Required work: Among the lines below, tally those that hold "spacing". Return the number and nothing more.

Information supplied:
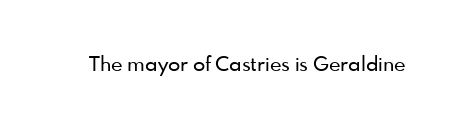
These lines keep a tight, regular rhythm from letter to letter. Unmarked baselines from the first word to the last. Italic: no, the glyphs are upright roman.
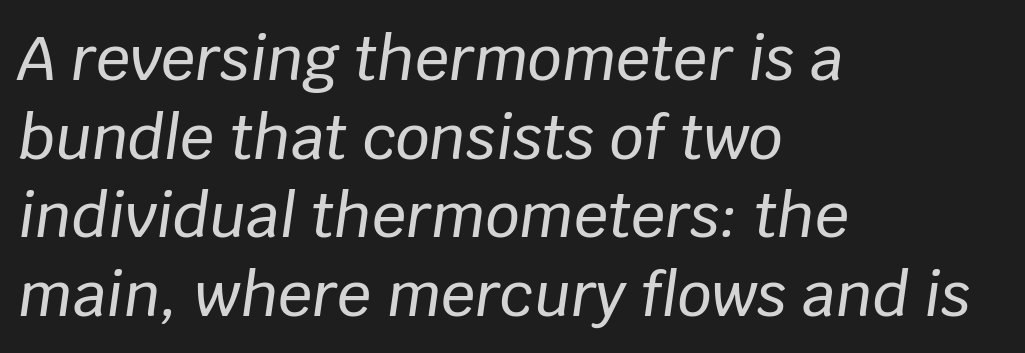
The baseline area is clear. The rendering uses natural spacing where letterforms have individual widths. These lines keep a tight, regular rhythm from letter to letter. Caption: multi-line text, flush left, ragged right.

--

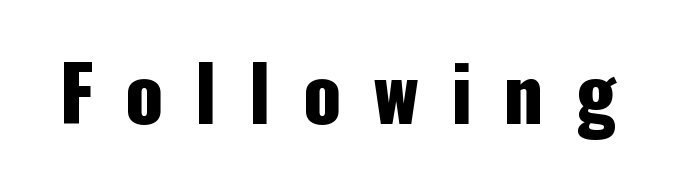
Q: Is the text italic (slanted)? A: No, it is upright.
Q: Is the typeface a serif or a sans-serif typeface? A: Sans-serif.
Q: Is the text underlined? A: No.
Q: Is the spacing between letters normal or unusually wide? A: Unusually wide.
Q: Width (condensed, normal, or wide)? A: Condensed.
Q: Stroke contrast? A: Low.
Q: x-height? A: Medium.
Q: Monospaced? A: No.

Response box: 2